:: WHAT THE TASK ASKS ::
The only acceptable reply is the number of lines in the material below that hold "rendering".

:: MATERIAL PROVIDED ::
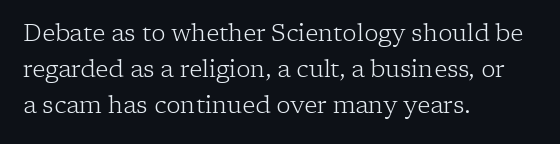
Default kerning and tracking; the words read as compact shapes. Tall strokes in this sample are plumb rather than angled. This rendering uses left alignment, leaving the right contour irregular. Students, observe: this is what conventionally led text looks like. Each stroke keeps to a modest, everyday thickness or less. Honestly, there is no underline to notice here at all.
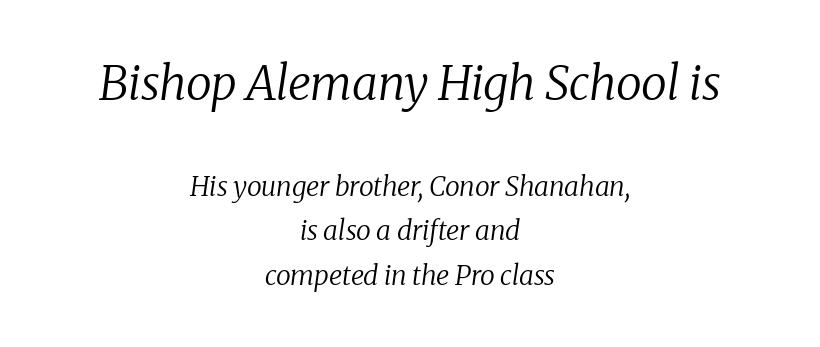
{"serif": "yes", "italic": "yes", "lean": "right", "slant_degrees": 8, "bold": "no", "weight": "regular", "width": "normal", "stroke_contrast": "low", "x_height": "medium", "monospaced": "no", "underline": "no", "align": "center", "line_spacing": "normal", "line_spacing_ratio": 1.66, "letter_spacing": "normal", "letter_spacing_em": 0.0, "larger_block": "first", "size_ratio": 1.74, "glyph_px": 47}
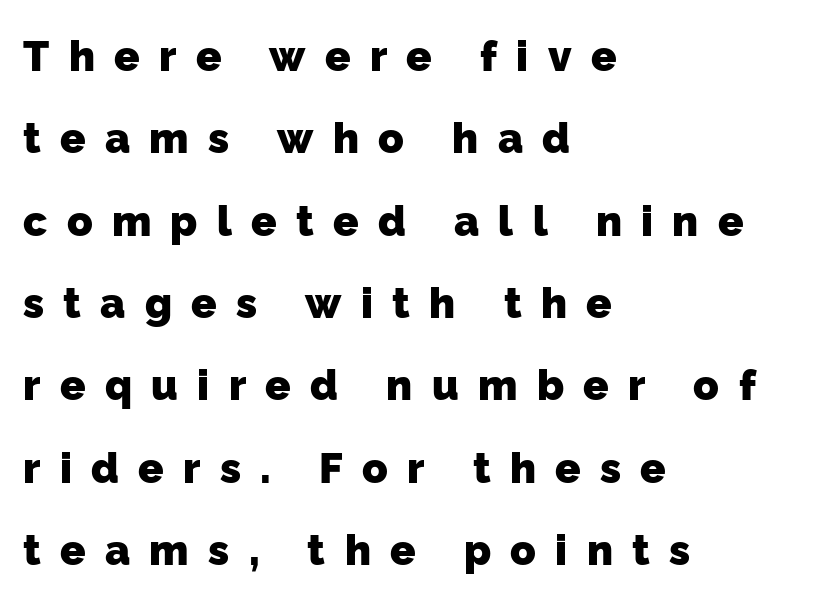
Compared with typical body copy, the letter spacing here is much looser. Vertical spacing — loose. No word sits above an underline. The rendering uses a bold face; every stroke is thick and dark. Letterform terminals end flat and unadorned throughout the passage.
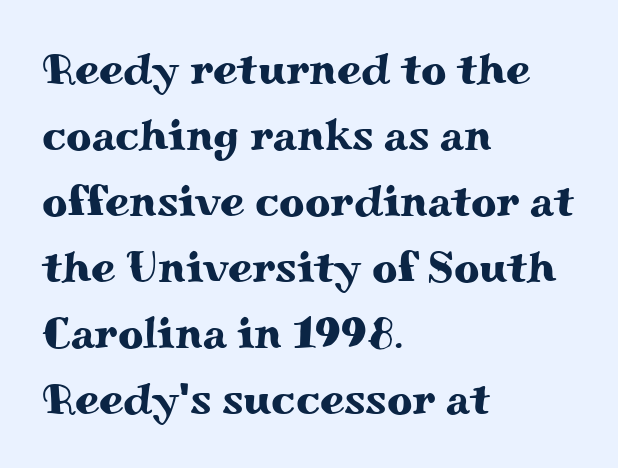
Regular leading. The setting favours the left margin, as ordinary paragraphs usually do. The text was rendered using a seriffed face with decorative stroke endings. Beneath every word, the page is bare.

:: EXPECTED OUTPUT ::
2